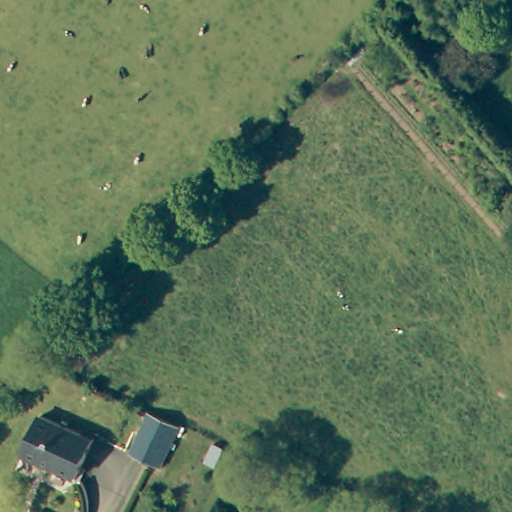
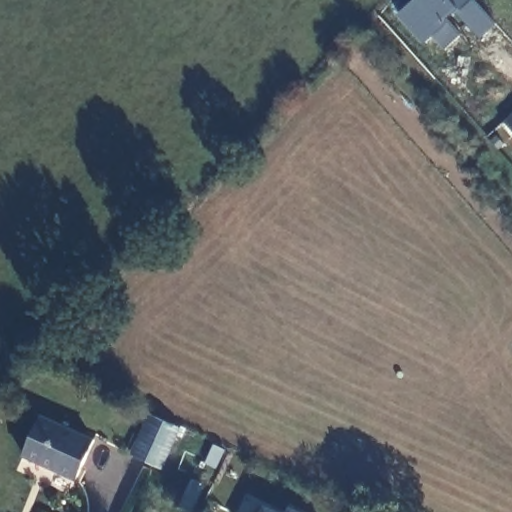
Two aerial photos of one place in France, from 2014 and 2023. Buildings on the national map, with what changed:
new [(415,0),(473,0),(496,25),(471,47),(460,36),(444,50),(432,37),(425,43),(399,15),(415,0)]
new [(512,114),(512,133),(503,123),(512,114)]
unchanged [(179,428),(160,470),(131,457),(150,414),(179,428)]
unchanged [(41,419),(92,443),(74,482),(22,458),(41,419)]
unchanged [(228,450),(217,472),(204,466),(215,444),(228,450)]
new [(280,512),(260,512),(264,505),(280,512)]
new [(300,512),(286,512),(289,507),(300,512)]

------------------------------------------------------------

ACTION ITEM: Please reproduce all the material exactly. Pictures stay out of the copy.

TASK ANSWER:
Two aerial photos of one place in France, from 2014 and 2023. Buildings on the national map, with what changed:
new [(415,0),(473,0),(496,25),(471,47),(460,36),(444,50),(432,37),(425,43),(399,15),(415,0)]
new [(512,114),(512,133),(503,123),(512,114)]
unchanged [(179,428),(160,470),(131,457),(150,414),(179,428)]
unchanged [(41,419),(92,443),(74,482),(22,458),(41,419)]
unchanged [(228,450),(217,472),(204,466),(215,444),(228,450)]
new [(280,512),(260,512),(264,505),(280,512)]
new [(300,512),(286,512),(289,507),(300,512)]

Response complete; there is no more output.